- **Saved entries**:

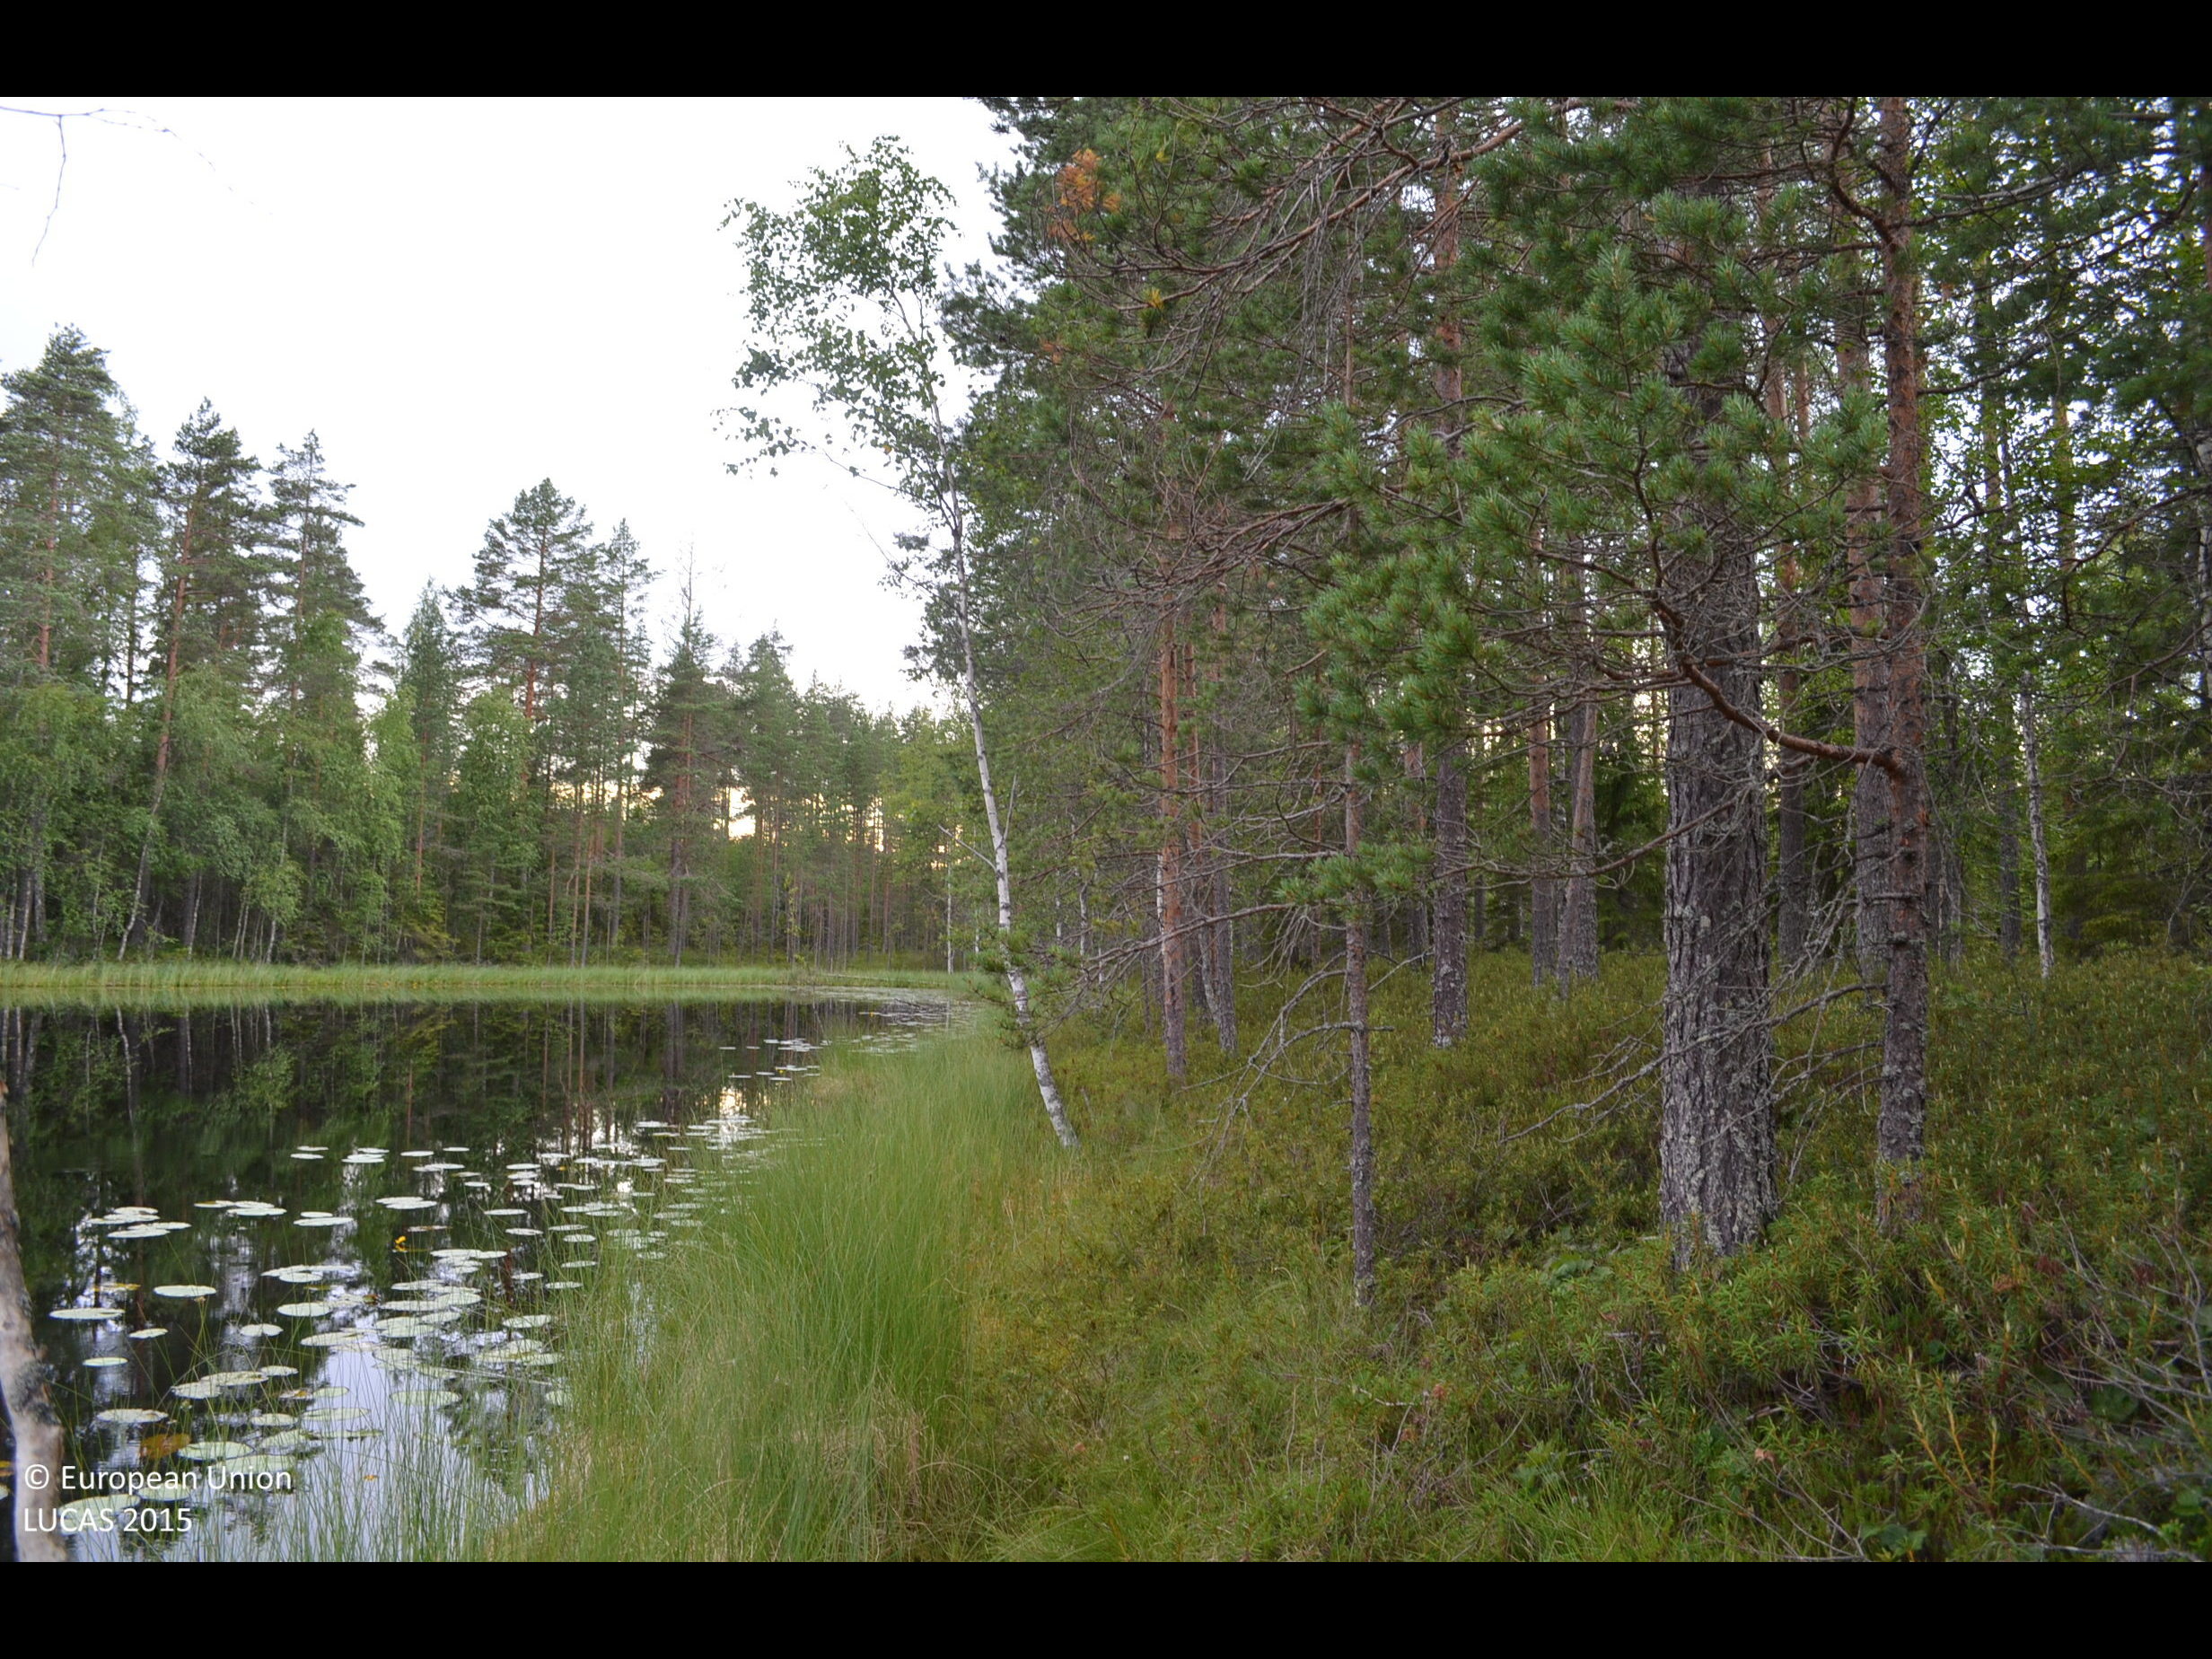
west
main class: Woodland
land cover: Pine dominated coniferous woodland
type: boreal forest
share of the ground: > 75 %
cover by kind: coniferous forest trees 65 %, shrubs 25 %, broadleaved forest trees 10 %
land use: Forestry
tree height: > 5 m
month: July
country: FI
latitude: 62.0294
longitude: 23.9783
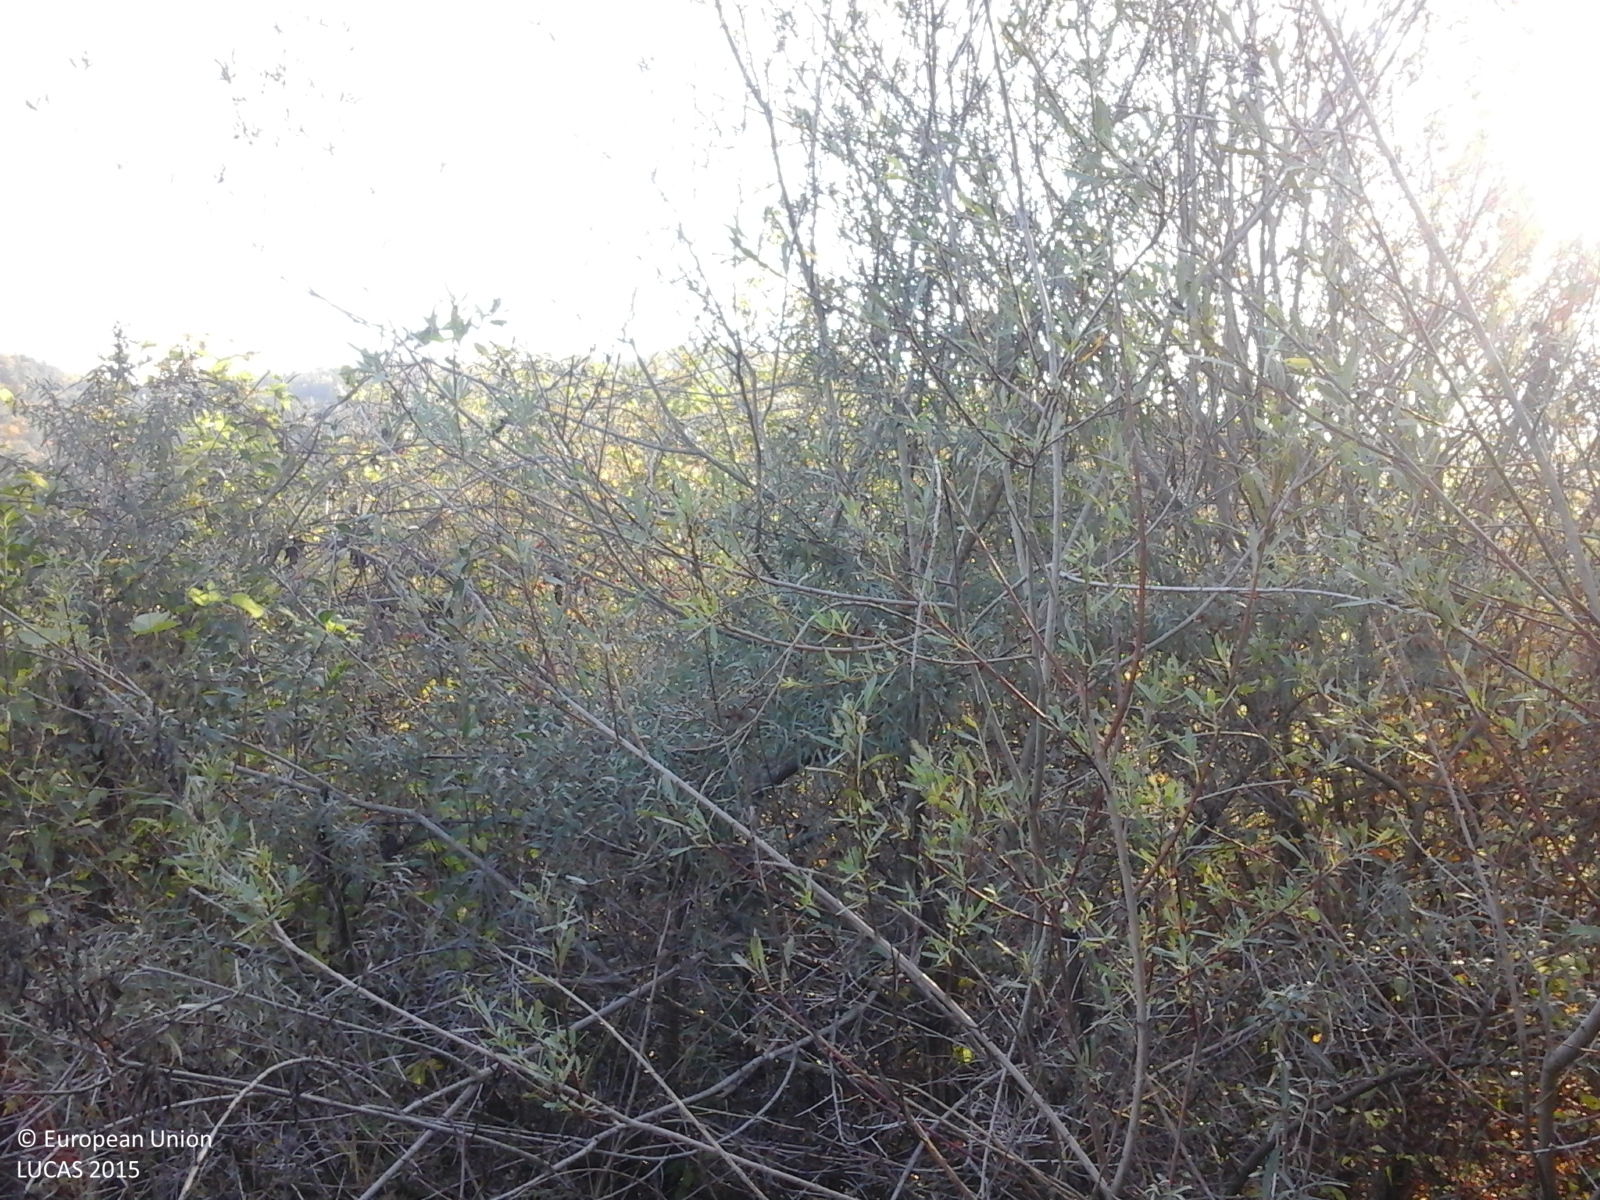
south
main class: Shrubland
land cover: Shrubland without tree cover
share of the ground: > 75 %
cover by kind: shrubs 100 %
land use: Semi-natural and natural areas not in use
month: October
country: RO
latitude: 45.2153
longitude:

- **Problem details**:
Leave out the pictures, and extract exactly the lines from the one with "main class: Woodland" through the end of the records, both ends included.

- **Response**:
main class: Woodland
land cover: Pine dominated coniferous woodland
type: boreal forest
share of the ground: > 75 %
cover by kind: coniferous forest trees 65 %, shrubs 25 %, broadleaved forest trees 10 %
land use: Forestry
tree height: > 5 m
month: July
country: FI
latitude: 62.0294
longitude: 23.9783
south
main class: Shrubland
land cover: Shrubland without tree cover
share of the ground: > 75 %
cover by kind: shrubs 100 %
land use: Semi-natural and natural areas not in use
month: October
country: RO
latitude: 45.2153
longitude:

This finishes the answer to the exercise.